• _Required action_
Every entry below is to be copied word for word, with its pictures removed.
[Data excerpts Boundary: Start]
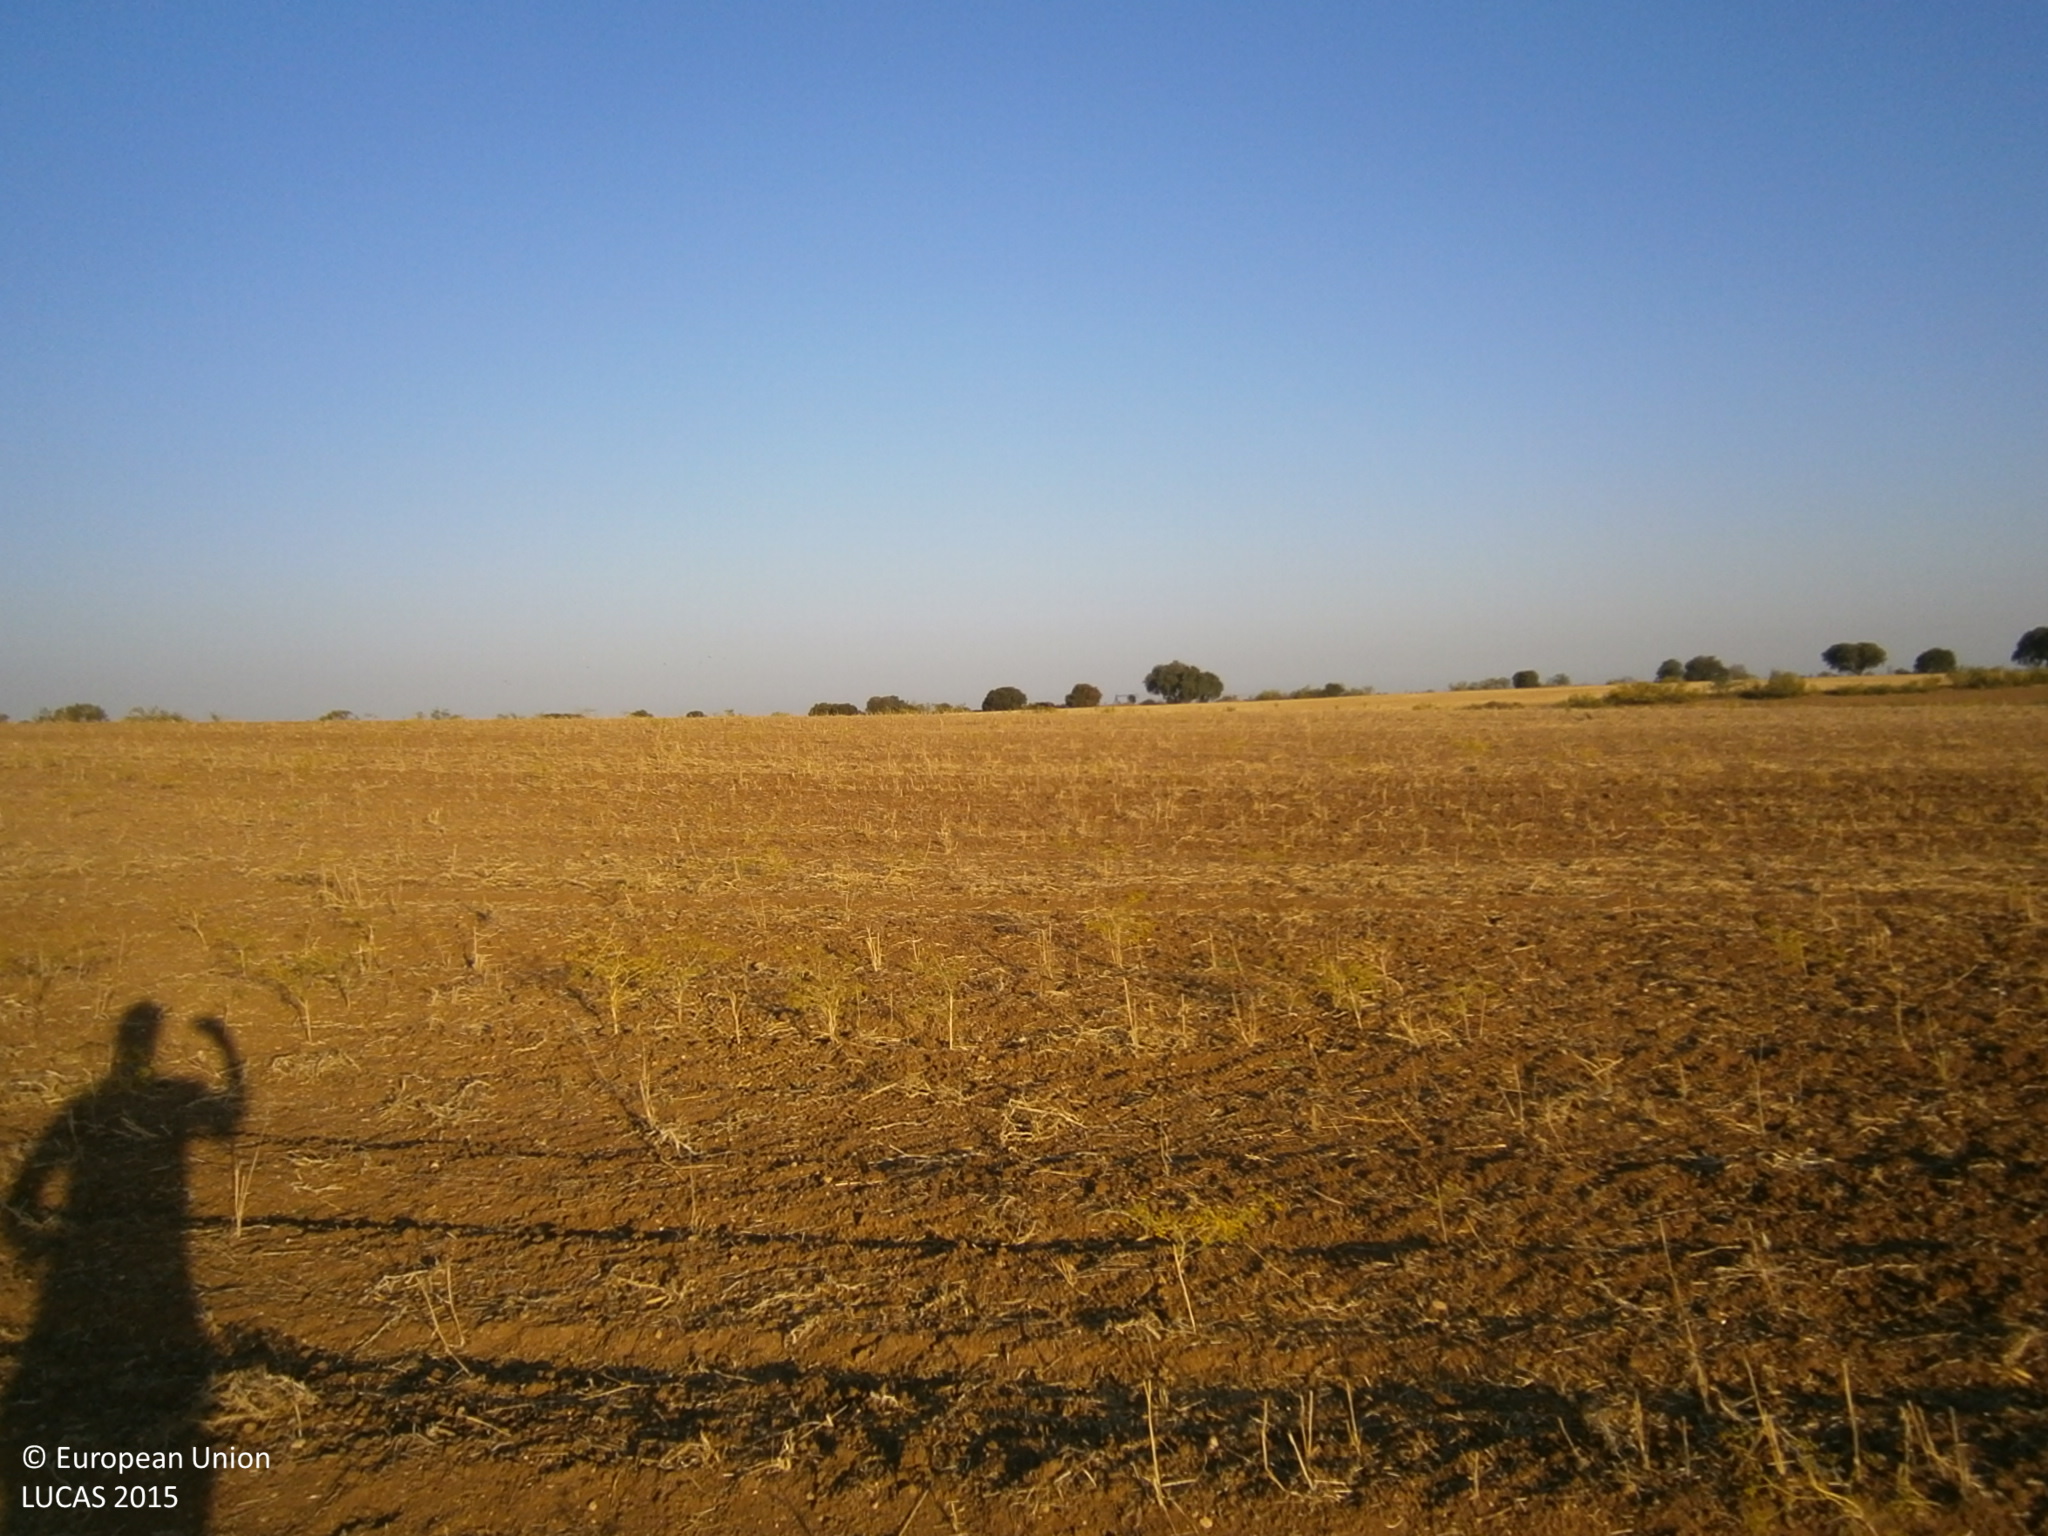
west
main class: Grassland
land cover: Spontaneously vegetated surfaces
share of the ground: 25 - 50 %
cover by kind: unconsolidated bare surface 65 %, herbaceous plants 30 %
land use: Agriculture (excluding fallow land and kitchen gardens)
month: June
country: ES
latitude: 38.7739
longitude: -6.8824
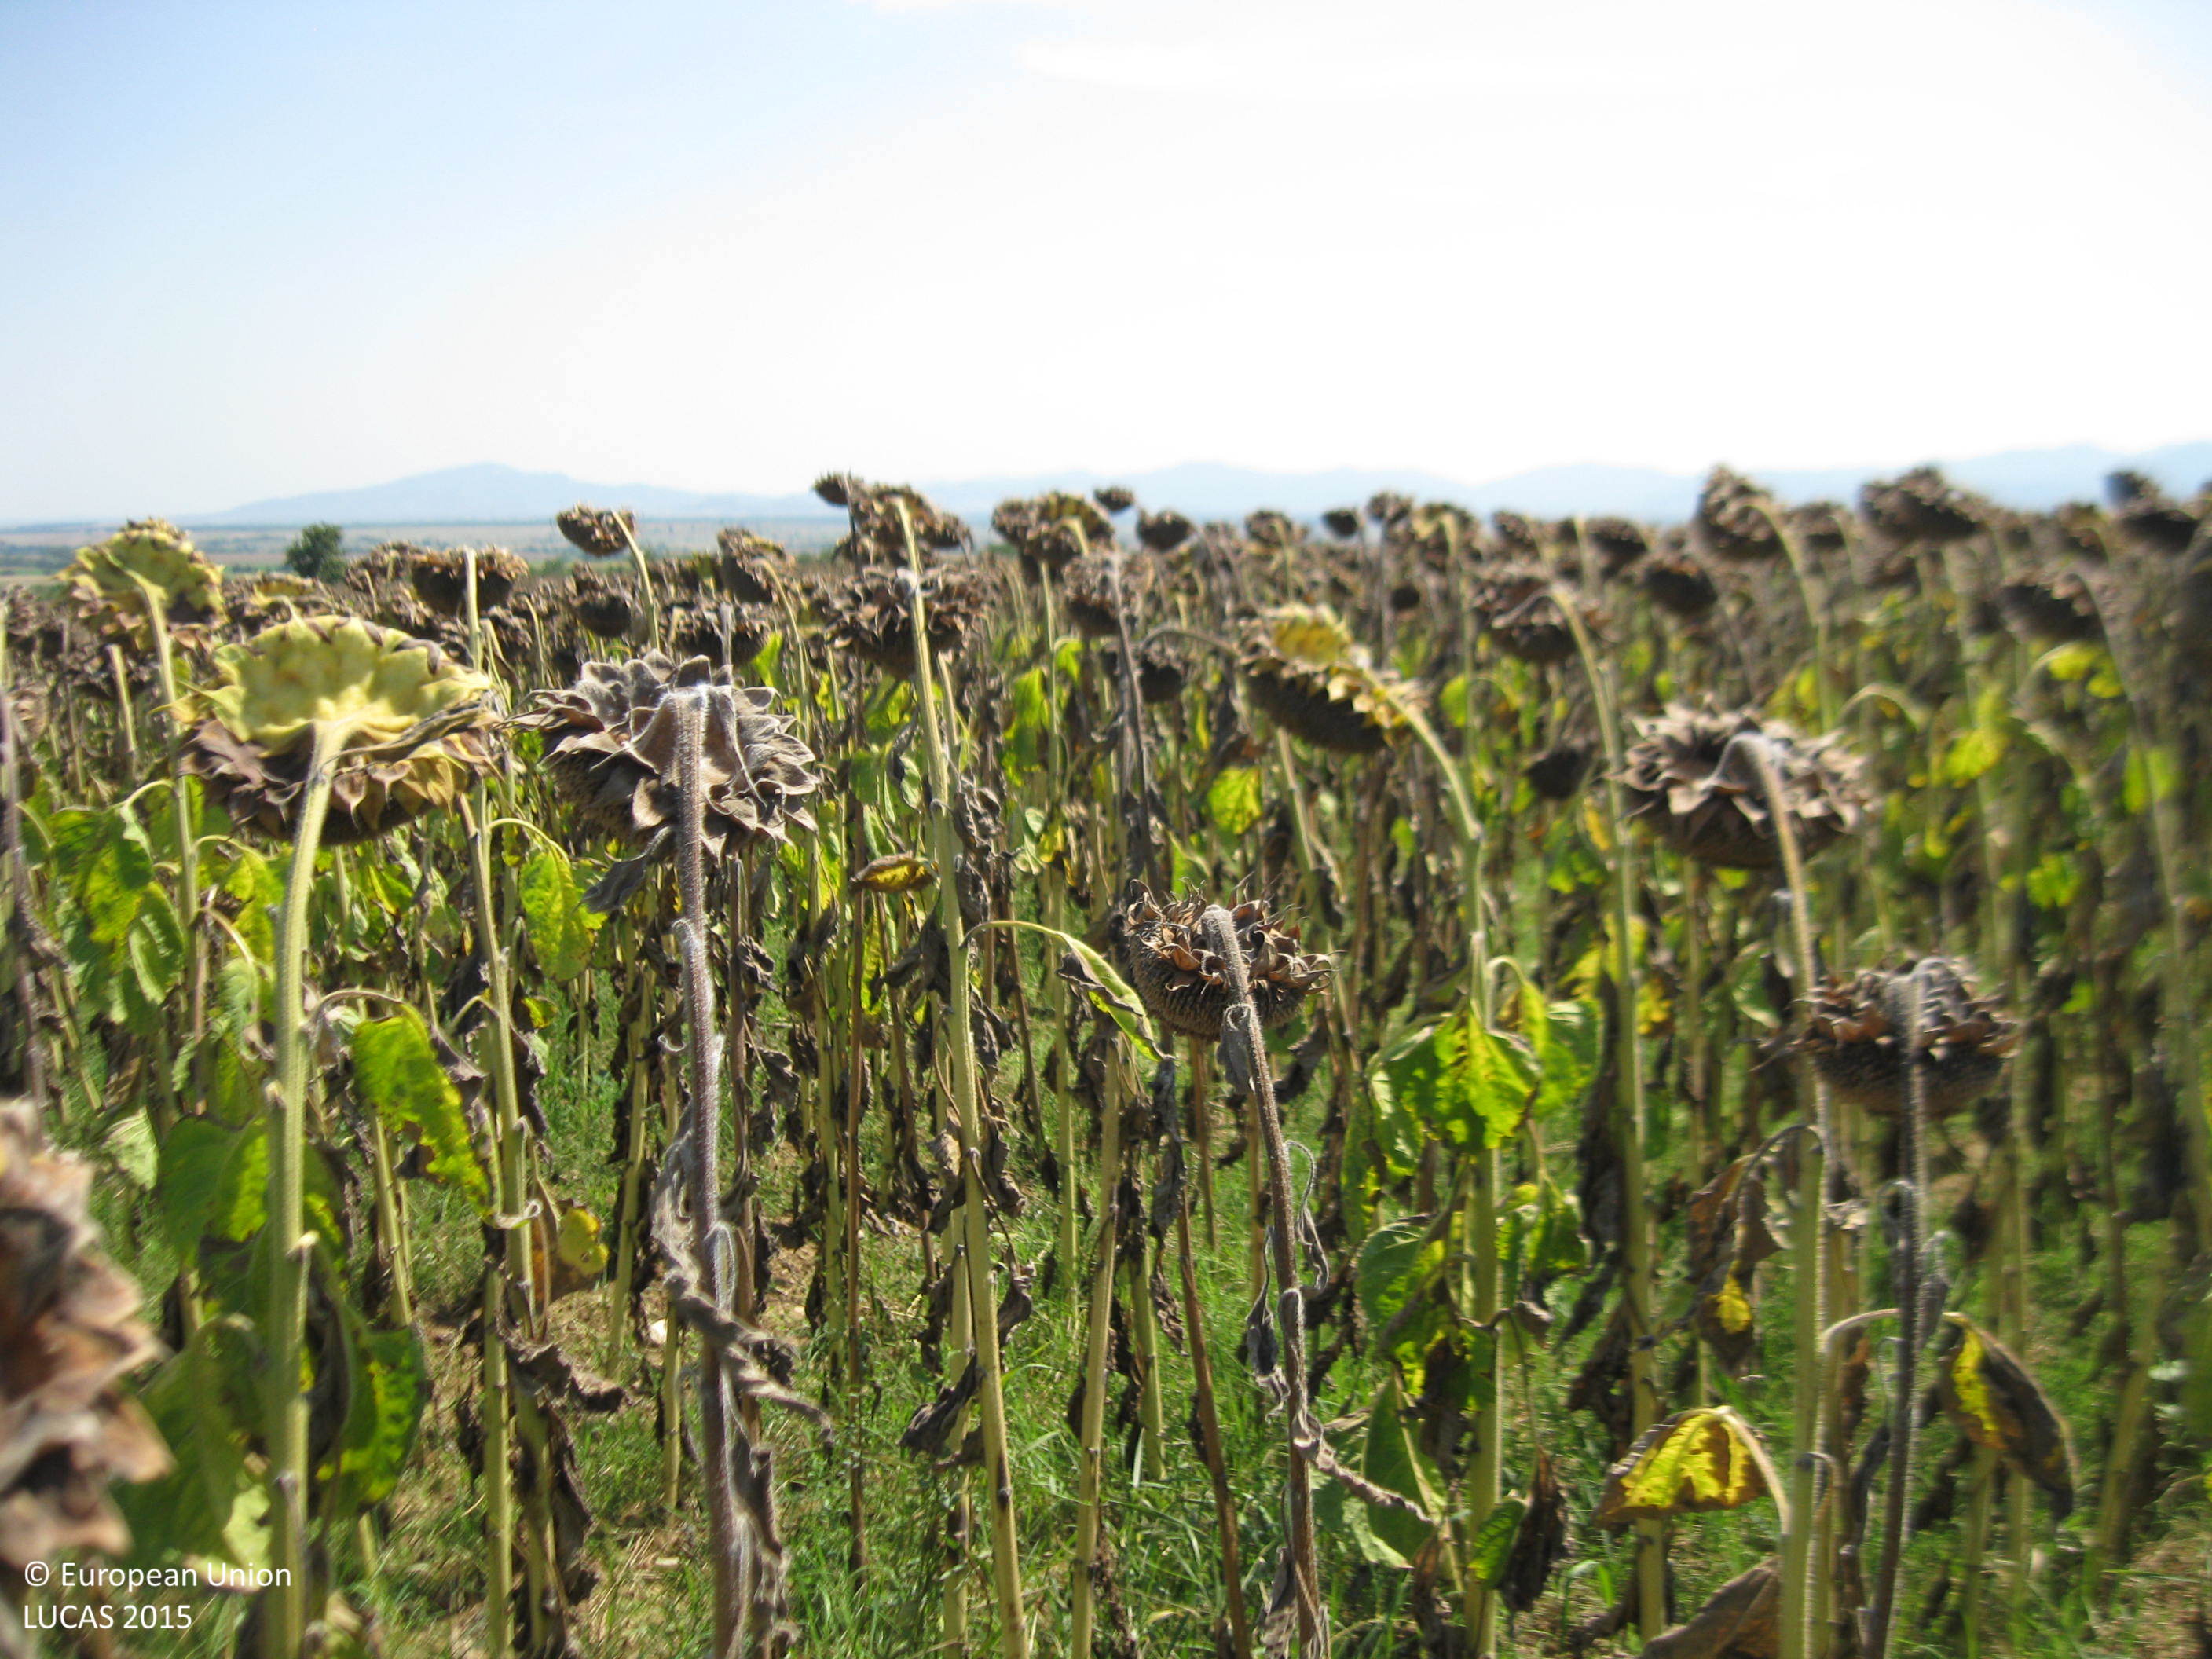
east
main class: Cropland
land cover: Sunflower
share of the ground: > 75 %
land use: Agriculture (excluding fallow land and kitchen gardens)
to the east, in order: Sunflower
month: August
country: BG
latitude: 41.9585
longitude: 24.9532
[Data excerpts Boundary: End]
• _Output_
west
main class: Grassland
land cover: Spontaneously vegetated surfaces
share of the ground: 25 - 50 %
cover by kind: unconsolidated bare surface 65 %, herbaceous plants 30 %
land use: Agriculture (excluding fallow land and kitchen gardens)
month: June
country: ES
latitude: 38.7739
longitude: -6.8824
east
main class: Cropland
land cover: Sunflower
share of the ground: > 75 %
land use: Agriculture (excluding fallow land and kitchen gardens)
to the east, in order: Sunflower
month: August
country: BG
latitude: 41.9585
longitude: 24.9532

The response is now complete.